It's only half of the proverbial $64 million, I know, but I was flabergasted to learn that's how much the University of Alabama paid to lure football coach Nick Saban from the Miami Dolphins to become their new coach. Economists have a very useful concept they use to consider "investments" like this. It's called an "opportunity costs" - which basically means what the money could be otherwise used for. In this case, $32 million could be used to endow 10 or 20 professorships in perpetuity, essentially creating a whole new department or research institute forever.
"...why are America's institutions of higher learning also operating semi-professional sports franchises? Especially since overall, the athletics department is a money-losing proposition for most schools. They also bring down the value of the university's core "product", as schools offer places and often lavish scholarships to academically unqualified student athletes."
To which Tyler Cowen adds:
The evidence is mixed, but some papers find a connection between athletic achievement and student quality, or athletic achievement and alumni donations. I suspect the donor connection is the key, but we also must ask what exactly colleges and universities seek to maximize.

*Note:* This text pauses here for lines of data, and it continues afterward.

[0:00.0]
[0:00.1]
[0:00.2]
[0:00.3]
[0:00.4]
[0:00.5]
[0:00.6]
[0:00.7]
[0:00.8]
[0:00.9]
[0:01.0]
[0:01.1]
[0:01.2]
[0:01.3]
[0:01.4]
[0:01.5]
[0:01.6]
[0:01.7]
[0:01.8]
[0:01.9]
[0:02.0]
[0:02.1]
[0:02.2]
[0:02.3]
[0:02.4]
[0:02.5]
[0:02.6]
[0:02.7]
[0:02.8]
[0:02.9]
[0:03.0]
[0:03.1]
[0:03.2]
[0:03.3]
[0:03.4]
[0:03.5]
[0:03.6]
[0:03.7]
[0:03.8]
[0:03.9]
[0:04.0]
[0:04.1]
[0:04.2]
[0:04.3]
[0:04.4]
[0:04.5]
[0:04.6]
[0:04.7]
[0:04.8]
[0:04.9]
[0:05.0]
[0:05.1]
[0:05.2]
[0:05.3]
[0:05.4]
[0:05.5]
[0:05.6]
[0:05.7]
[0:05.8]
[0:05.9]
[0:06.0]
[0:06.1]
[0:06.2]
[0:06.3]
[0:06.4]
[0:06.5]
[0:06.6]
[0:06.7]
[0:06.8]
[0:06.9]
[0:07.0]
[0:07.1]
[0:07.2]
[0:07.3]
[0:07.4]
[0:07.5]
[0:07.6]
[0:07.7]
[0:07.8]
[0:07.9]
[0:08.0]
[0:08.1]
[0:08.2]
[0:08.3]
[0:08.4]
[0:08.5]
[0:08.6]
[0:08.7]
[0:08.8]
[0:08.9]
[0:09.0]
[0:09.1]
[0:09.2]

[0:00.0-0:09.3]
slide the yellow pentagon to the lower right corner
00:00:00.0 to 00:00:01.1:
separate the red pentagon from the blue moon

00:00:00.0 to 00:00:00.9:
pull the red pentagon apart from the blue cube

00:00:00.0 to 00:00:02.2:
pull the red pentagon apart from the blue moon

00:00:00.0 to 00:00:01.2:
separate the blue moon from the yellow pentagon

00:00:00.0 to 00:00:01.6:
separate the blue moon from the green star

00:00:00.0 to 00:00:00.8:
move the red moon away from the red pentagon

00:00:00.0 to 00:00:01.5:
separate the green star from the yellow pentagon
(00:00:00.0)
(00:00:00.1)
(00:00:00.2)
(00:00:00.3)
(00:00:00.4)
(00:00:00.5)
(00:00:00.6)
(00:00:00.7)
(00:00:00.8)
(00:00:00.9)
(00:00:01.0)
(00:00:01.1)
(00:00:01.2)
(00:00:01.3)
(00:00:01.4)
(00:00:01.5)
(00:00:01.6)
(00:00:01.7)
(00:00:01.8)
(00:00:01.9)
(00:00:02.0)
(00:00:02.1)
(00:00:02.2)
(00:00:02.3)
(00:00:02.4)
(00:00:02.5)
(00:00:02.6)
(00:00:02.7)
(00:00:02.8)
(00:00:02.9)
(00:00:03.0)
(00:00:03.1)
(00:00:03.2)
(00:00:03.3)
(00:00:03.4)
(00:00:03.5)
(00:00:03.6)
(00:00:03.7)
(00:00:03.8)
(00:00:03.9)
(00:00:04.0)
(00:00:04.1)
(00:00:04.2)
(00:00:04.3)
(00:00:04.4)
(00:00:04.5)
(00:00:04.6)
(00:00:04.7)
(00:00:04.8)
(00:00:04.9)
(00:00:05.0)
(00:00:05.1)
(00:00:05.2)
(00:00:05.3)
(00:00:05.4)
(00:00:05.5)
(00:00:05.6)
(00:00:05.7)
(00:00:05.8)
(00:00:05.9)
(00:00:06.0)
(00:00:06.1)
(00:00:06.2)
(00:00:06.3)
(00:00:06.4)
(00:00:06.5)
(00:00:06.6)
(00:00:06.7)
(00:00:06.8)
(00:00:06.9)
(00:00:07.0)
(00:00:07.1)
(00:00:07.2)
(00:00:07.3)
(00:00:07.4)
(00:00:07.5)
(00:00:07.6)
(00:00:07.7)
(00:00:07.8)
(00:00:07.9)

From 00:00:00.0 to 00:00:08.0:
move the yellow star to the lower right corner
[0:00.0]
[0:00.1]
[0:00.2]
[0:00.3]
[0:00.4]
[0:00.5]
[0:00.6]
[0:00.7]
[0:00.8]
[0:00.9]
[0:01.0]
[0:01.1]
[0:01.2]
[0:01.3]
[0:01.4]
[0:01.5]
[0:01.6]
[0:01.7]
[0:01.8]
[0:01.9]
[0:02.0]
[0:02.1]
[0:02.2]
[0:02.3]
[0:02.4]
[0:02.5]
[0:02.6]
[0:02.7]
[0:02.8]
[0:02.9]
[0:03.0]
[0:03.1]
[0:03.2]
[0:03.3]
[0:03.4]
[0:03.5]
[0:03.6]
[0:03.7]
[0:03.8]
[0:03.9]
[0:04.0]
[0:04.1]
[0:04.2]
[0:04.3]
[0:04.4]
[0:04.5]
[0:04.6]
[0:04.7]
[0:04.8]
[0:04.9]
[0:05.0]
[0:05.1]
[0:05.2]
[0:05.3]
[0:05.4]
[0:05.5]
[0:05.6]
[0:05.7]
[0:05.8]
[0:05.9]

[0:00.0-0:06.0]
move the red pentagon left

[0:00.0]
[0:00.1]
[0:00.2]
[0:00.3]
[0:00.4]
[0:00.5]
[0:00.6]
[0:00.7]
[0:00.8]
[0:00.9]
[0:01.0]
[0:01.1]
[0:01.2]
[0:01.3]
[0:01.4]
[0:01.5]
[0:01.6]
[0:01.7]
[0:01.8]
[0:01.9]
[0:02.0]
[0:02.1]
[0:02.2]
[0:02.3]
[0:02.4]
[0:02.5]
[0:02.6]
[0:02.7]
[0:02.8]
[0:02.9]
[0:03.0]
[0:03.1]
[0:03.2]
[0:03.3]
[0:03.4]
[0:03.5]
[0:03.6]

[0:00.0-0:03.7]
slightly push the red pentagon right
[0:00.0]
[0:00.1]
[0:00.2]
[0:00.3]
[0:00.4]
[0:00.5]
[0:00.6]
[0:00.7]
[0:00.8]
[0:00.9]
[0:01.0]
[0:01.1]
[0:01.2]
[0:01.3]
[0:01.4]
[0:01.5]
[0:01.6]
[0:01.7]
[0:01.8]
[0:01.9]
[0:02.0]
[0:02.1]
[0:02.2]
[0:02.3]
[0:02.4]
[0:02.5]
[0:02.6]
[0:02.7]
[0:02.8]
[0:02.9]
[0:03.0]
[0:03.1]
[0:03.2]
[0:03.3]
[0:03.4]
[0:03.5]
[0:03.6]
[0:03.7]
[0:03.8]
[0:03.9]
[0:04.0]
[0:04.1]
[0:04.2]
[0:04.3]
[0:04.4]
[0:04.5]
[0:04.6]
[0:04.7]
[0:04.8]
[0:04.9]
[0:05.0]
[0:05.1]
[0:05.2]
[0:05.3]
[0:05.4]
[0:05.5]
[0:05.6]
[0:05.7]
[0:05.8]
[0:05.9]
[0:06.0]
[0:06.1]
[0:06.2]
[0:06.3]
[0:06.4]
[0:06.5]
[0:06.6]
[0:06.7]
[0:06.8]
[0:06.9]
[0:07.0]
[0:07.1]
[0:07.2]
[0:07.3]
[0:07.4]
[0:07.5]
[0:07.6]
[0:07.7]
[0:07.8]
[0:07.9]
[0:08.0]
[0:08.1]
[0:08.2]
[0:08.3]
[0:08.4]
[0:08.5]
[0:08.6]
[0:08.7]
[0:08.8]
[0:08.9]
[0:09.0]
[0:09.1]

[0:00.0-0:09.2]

Under one view, there is some local market power, a surplus from tuition and endowments, fairly passive boards, and a faculty-driven governance structure which gives Presidents considerable discretion over non-instructional projects. If I were a University President, I would spend money on the library, a very good music school, a concert hall, and -- if they would abolish the NCAA and the zone defense -- a basketball team. Basketball is The Queen of Sports, and what better way to entertain local bigwigs and receive favors in return?